_EXERCISE DETAILS_
Copy every line below. Do not alter any of them.

_AVAILABLE DATA_
=====
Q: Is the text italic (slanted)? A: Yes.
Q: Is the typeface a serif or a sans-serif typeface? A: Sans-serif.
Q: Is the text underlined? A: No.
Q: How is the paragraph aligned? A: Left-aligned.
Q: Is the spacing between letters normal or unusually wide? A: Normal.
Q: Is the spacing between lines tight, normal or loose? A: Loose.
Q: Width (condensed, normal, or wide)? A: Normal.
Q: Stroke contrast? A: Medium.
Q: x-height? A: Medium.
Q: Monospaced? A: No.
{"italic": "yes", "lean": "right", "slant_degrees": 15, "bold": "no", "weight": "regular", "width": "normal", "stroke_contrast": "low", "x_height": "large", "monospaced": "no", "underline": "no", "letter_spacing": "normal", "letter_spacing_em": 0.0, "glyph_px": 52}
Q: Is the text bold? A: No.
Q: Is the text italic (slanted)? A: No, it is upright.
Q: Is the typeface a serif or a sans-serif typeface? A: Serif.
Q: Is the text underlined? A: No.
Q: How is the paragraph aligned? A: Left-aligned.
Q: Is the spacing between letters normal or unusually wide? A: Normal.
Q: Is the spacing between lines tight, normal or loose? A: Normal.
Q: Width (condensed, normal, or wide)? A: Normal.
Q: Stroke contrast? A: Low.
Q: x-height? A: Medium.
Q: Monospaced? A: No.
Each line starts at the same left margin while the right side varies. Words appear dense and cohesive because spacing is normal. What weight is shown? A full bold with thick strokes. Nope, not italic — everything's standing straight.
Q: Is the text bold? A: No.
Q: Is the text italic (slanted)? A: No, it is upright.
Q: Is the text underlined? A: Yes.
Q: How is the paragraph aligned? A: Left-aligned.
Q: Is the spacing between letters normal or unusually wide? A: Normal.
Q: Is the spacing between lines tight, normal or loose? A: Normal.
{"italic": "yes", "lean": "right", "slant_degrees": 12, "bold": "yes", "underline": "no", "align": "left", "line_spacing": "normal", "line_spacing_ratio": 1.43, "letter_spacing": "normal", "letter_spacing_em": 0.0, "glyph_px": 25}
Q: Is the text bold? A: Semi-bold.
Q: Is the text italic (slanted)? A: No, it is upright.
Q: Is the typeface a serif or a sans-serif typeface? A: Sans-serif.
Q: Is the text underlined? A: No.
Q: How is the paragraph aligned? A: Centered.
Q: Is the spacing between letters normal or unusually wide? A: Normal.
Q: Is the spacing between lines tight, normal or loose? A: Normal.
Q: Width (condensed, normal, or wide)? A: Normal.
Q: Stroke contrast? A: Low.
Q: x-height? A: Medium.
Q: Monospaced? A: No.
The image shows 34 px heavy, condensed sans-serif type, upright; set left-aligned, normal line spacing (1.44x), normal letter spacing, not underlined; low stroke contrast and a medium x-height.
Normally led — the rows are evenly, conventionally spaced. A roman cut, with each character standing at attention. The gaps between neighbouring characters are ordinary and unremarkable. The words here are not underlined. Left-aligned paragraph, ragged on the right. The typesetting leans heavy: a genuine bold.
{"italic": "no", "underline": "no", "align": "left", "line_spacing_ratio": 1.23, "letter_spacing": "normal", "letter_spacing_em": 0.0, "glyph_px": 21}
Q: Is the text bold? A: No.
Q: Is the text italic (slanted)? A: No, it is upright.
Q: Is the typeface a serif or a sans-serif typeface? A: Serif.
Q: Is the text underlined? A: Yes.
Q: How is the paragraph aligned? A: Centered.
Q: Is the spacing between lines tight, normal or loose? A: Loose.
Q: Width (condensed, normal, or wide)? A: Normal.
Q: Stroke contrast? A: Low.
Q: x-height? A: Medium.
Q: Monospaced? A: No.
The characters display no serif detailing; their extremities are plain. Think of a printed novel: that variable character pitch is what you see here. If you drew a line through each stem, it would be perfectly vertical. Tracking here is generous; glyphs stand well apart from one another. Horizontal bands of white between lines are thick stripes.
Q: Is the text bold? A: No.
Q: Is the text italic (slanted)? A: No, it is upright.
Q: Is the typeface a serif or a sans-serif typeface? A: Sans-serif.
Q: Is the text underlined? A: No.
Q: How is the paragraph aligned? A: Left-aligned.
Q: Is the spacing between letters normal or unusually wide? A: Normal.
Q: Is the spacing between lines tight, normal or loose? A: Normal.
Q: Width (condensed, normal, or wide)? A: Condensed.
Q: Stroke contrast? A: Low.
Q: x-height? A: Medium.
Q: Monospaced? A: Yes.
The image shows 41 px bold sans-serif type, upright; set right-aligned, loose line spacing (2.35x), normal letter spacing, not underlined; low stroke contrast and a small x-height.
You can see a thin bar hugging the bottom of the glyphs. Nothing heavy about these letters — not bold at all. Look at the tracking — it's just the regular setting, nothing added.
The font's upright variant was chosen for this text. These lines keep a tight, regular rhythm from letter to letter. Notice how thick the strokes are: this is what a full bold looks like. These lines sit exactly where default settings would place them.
=====
_TASK ANSWER_
Q: Is the text italic (slanted)? A: Yes.
Q: Is the typeface a serif or a sans-serif typeface? A: Sans-serif.
Q: Is the text underlined? A: No.
Q: How is the paragraph aligned? A: Left-aligned.
Q: Is the spacing between letters normal or unusually wide? A: Normal.
Q: Is the spacing between lines tight, normal or loose? A: Loose.
Q: Width (condensed, normal, or wide)? A: Normal.
Q: Stroke contrast? A: Medium.
Q: x-height? A: Medium.
Q: Monospaced? A: No.
{"italic": "yes", "lean": "right", "slant_degrees": 15, "bold": "no", "weight": "regular", "width": "normal", "stroke_contrast": "low", "x_height": "large", "monospaced": "no", "underline": "no", "letter_spacing": "normal", "letter_spacing_em": 0.0, "glyph_px": 52}
Q: Is the text bold? A: No.
Q: Is the text italic (slanted)? A: No, it is upright.
Q: Is the typeface a serif or a sans-serif typeface? A: Serif.
Q: Is the text underlined? A: No.
Q: How is the paragraph aligned? A: Left-aligned.
Q: Is the spacing between letters normal or unusually wide? A: Normal.
Q: Is the spacing between lines tight, normal or loose? A: Normal.
Q: Width (condensed, normal, or wide)? A: Normal.
Q: Stroke contrast? A: Low.
Q: x-height? A: Medium.
Q: Monospaced? A: No.
Each line starts at the same left margin while the right side varies. Words appear dense and cohesive because spacing is normal. What weight is shown? A full bold with thick strokes. Nope, not italic — everything's standing straight.
Q: Is the text bold? A: No.
Q: Is the text italic (slanted)? A: No, it is upright.
Q: Is the text underlined? A: Yes.
Q: How is the paragraph aligned? A: Left-aligned.
Q: Is the spacing between letters normal or unusually wide? A: Normal.
Q: Is the spacing between lines tight, normal or loose? A: Normal.
{"italic": "yes", "lean": "right", "slant_degrees": 12, "bold": "yes", "underline": "no", "align": "left", "line_spacing": "normal", "line_spacing_ratio": 1.43, "letter_spacing": "normal", "letter_spacing_em": 0.0, "glyph_px": 25}
Q: Is the text bold? A: Semi-bold.
Q: Is the text italic (slanted)? A: No, it is upright.
Q: Is the typeface a serif or a sans-serif typeface? A: Sans-serif.
Q: Is the text underlined? A: No.
Q: How is the paragraph aligned? A: Centered.
Q: Is the spacing between letters normal or unusually wide? A: Normal.
Q: Is the spacing between lines tight, normal or loose? A: Normal.
Q: Width (condensed, normal, or wide)? A: Normal.
Q: Stroke contrast? A: Low.
Q: x-height? A: Medium.
Q: Monospaced? A: No.
The image shows 34 px heavy, condensed sans-serif type, upright; set left-aligned, normal line spacing (1.44x), normal letter spacing, not underlined; low stroke contrast and a medium x-height.
Normally led — the rows are evenly, conventionally spaced. A roman cut, with each character standing at attention. The gaps between neighbouring characters are ordinary and unremarkable. The words here are not underlined. Left-aligned paragraph, ragged on the right. The typesetting leans heavy: a genuine bold.
{"italic": "no", "underline": "no", "align": "left", "line_spacing_ratio": 1.23, "letter_spacing": "normal", "letter_spacing_em": 0.0, "glyph_px": 21}
Q: Is the text bold? A: No.
Q: Is the text italic (slanted)? A: No, it is upright.
Q: Is the typeface a serif or a sans-serif typeface? A: Serif.
Q: Is the text underlined? A: Yes.
Q: How is the paragraph aligned? A: Centered.
Q: Is the spacing between lines tight, normal or loose? A: Loose.
Q: Width (condensed, normal, or wide)? A: Normal.
Q: Stroke contrast? A: Low.
Q: x-height? A: Medium.
Q: Monospaced? A: No.
The characters display no serif detailing; their extremities are plain. Think of a printed novel: that variable character pitch is what you see here. If you drew a line through each stem, it would be perfectly vertical. Tracking here is generous; glyphs stand well apart from one another. Horizontal bands of white between lines are thick stripes.
Q: Is the text bold? A: No.
Q: Is the text italic (slanted)? A: No, it is upright.
Q: Is the typeface a serif or a sans-serif typeface? A: Sans-serif.
Q: Is the text underlined? A: No.
Q: How is the paragraph aligned? A: Left-aligned.
Q: Is the spacing between letters normal or unusually wide? A: Normal.
Q: Is the spacing between lines tight, normal or loose? A: Normal.
Q: Width (condensed, normal, or wide)? A: Condensed.
Q: Stroke contrast? A: Low.
Q: x-height? A: Medium.
Q: Monospaced? A: Yes.
The image shows 41 px bold sans-serif type, upright; set right-aligned, loose line spacing (2.35x), normal letter spacing, not underlined; low stroke contrast and a small x-height.
You can see a thin bar hugging the bottom of the glyphs. Nothing heavy about these letters — not bold at all. Look at the tracking — it's just the regular setting, nothing added.
The font's upright variant was chosen for this text. These lines keep a tight, regular rhythm from letter to letter. Notice how thick the strokes are: this is what a full bold looks like. These lines sit exactly where default settings would place them.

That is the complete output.